Un pari prende una pari, e una pari prende un pari.

Bisticcio popolare antico parlandosi di matrimoni, dove si consiglia di prendere uomo o donna di pari condizione, costumi, ec.
  • Parrucchià, hanno rotta ‘a campana. Chi l’ha rotta, ‘a pava. È stato ‘o nepote vuosto… Allora è stata ‘na disgrazia…
Padre, (parroco) hanno rotto la campana. Chi l’ha rotta, la paga. È stato il nipote vostro… Allora è stata una disgrazia…

Si è sempre inflessibili nell’esigere la dovuta riparazione dal colpevole, vero o presunto; tutto cambia però, completamente, se si tratta di una persona legata a noi…
  • Passa crapa zoppa si nun trova quarcuno, che la ntoppa.
variante:
  • Passa crapa zoppa,
    Se non trova chi la ‘ntoppa.
Passa la capra zoppa, se non trova chi la ostacola.

Tutti possono riuscire, se non vengono intenzionalmente posti ostacoli.
  • Pazze e piccerille Dio l’ajuta.
Pazzi e bambini Dio li aiuta.
  • Pazzo chi joca e pazzo chi nun ghioca.
Pazzo chi gioca e pazzo chi non gioca

È follia giocare (a carte o al lotto), lo è altrettanto non tentare qualche volta la sorte, non osare mai nella vita.
  • Pe’ despietto ‘e muglierema me taglio ‘o cazzo.
Per far dispetto a mia moglie mi taglio il pene.

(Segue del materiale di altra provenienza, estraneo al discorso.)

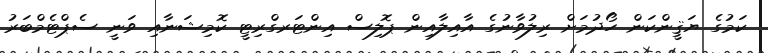
ކަމުގެ ޔަޤީންކަން ހޯދުމަށް ރިލުވާނުގެ އާއިލާއިން ޕޮލިސް އިންޓަރގްރިޓީ ކޮމިޝަނާއި ވަނީ ސެޕްޓެމްބަރު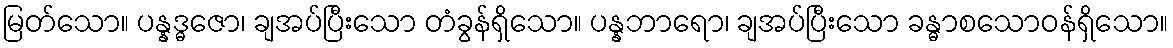
မြတ်သော။ ပန္နဒ္ဓဇော၊ ချအပ်ပြီးသော တံခွန်ရှိသော။ ပန္နဘာရော၊ ချအပ်ပြီးသော ခန္ဓာစသောဝန်ရှိသော။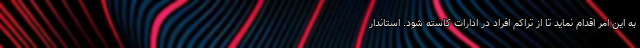
به این امر اقدام نماید تا از تراکم افراد در ادارات کاسته شود. استاندار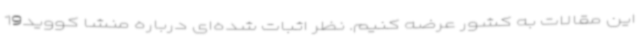
این مقالات به کشور عرضه کنیم. نظر اثبات شده‌ای درباره منشا کووید19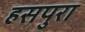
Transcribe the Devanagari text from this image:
हसपुरा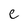
Character: e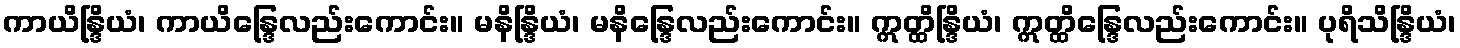
ကာယိန္ဒြိယံ၊ ကာယိန္ဒြေလည်းကောင်း။ မနိန္ဒြိယံ၊ မနိန္ဒြေလည်းကောင်း။ ဣတ္ထိန္ဒြိယံ၊ ဣတ္ထိန္ဒြေလည်းကောင်း။ ပုရိသိန္ဒြိယံ၊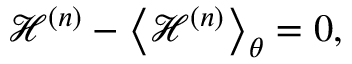
\mathcal { H } ^ { ( n ) } - \left< { \mathcal { H } ^ { ( n ) } } \right> _ { \theta } = 0 ,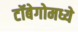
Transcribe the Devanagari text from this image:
टॉबेगोमध्ये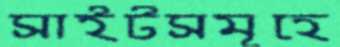
সাইটসমূহে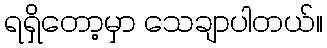
ရရှိတော့မှာ သေချာပါတယ်။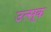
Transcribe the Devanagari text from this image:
उत्सूक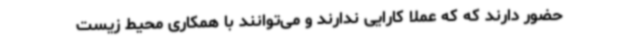
حضور دارند که که عملا کارایی ندارند و می‌توانند با همکاری محیط زیست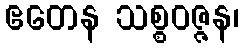
ဧတေန သစ္စဝဇ္ဇန၊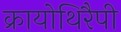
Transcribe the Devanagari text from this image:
क्रायोथिरैपी

Una ben paradossale vendetta: vendicarsi di un altro danneggiando irreparabilmente sé stessi.
  • Pe’ ffà ‘o Papa s’ha dda sapè fà ‘o sacrestano
Per fare il Papa bisogna (prima) saper fare il sacrestano.
  • Pe’ mare nun nce stanno taverne.
Sul mare non ci sono taverne.
  • Pe’ n’aceno ‘e sale se perde ‘a menesta.
Per un grano di sale si perde (rovina) la minestra.

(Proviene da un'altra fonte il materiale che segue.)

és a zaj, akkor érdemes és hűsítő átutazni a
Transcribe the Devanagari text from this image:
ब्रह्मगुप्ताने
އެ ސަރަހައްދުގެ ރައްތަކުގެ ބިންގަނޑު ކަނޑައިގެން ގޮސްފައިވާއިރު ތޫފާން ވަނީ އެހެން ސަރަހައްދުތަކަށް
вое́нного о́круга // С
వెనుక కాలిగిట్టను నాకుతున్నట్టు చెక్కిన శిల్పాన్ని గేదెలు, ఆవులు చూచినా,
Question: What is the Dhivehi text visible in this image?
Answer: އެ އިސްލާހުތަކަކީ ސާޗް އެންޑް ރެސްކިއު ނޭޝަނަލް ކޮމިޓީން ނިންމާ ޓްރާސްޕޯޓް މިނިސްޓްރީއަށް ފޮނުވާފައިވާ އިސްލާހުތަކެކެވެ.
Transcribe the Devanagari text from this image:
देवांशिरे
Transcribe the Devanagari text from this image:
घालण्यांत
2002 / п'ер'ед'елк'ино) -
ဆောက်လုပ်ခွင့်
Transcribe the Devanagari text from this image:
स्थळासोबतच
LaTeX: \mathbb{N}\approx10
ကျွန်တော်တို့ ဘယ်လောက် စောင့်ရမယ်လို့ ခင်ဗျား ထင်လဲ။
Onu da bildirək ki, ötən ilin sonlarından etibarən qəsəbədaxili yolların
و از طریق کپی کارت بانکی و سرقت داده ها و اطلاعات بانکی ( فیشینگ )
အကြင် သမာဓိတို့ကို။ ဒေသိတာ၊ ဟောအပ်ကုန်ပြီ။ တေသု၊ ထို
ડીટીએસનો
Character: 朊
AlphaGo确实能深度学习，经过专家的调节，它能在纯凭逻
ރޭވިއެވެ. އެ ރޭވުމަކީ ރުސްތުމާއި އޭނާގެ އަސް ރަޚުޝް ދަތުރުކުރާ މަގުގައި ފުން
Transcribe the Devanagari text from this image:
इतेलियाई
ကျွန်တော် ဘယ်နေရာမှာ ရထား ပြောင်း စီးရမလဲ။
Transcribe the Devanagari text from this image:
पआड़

Tutto il lavoro fatto va in rovina solo per essersi risparmiati un ultimo piccolo sacrificio, per aver trascurato un piccolo dettaglio.
  • Pe ssazià a na rosse, nun abbàstene sette muónece e na caurare ‘allesse!
Per appagare, per saziare una rossa non bastano sette monaci e una caldaia di… castagne lesse!
  • Pe tornise canta lo cecato.
Per tornesi (soldi) (anche) il cieco canta (diventa allegro).
  • Peccate viecchie penetenzia nova.
(A) peccato vecchio penitenza nuova.
  • Pietto forte vence mala sciorta.
Un animo risoluto vince la cattiva sorte.
  • Piglia tiempo e campa: ca ‘o tiempo ‘a ogne male scampa.
Prendi tempo e vivi perché il tempo scongiura ogni male.
  • Piscia chiaro, e fa lo fico a lo miedeco.
Urina chiaro e prenditi gioco del medico.

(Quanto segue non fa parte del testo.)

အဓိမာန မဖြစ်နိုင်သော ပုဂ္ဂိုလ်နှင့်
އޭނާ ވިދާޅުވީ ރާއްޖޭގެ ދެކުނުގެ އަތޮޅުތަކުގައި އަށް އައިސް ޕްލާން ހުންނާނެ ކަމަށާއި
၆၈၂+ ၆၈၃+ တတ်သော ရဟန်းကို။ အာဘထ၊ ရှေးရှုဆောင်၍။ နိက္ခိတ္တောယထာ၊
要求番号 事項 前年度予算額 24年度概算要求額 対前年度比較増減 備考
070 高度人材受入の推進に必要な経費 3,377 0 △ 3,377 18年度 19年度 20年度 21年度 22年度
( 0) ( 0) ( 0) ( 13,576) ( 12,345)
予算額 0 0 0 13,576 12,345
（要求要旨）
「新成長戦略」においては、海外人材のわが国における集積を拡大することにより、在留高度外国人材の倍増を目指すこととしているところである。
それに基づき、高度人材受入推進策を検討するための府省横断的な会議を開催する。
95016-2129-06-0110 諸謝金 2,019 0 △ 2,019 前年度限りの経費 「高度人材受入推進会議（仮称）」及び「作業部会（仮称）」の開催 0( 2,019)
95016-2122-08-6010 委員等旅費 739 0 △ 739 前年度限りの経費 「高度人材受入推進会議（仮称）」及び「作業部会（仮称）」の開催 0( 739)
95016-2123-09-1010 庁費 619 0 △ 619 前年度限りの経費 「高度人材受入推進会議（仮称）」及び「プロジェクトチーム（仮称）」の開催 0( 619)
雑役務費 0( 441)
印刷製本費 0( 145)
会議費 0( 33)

La salute si mantiene con una corretta alimentazione.
  • Pizzeche e vase nun fanno pertose e maniate ‘e zizze nun fanno criature.
Pizzichi e baci lasciano intatta la verginità (non fanno buchi) e palpeggiamenti di seno non ingravidano (non fanno bambini).
  • Po cchiù nu pilo che no trave.
Ad ottener favori, o giustizia vale spesso più una preghiera di donna, che tutto il merito e i requisiti che vuoi.
  • Poco parole, e caudo de panne, non fece maje danne.
Il parlar poco (poche parole) e il coprirsi bene (caldo di abiti) non fecero mai danni (possono solo recare benefici).
  • Ppenze a Ddie,  te faie sante!
Pensa a Dio. che ti fai santo!
  • Primmo, penza, a te; po’, a li tuoje; po’, a chi puoje.
Per primo pensa a te, poi ai tuoi, poi a chi puoi.
  • Pulicenella pe ‘na votata ‘e mente addiventaie miedico eccellente.
Pulcinella, la persona di cui meno lo si sarebbe potuto pensare, si ritrovò, per un’alzata d’ingegno, medico eccellente.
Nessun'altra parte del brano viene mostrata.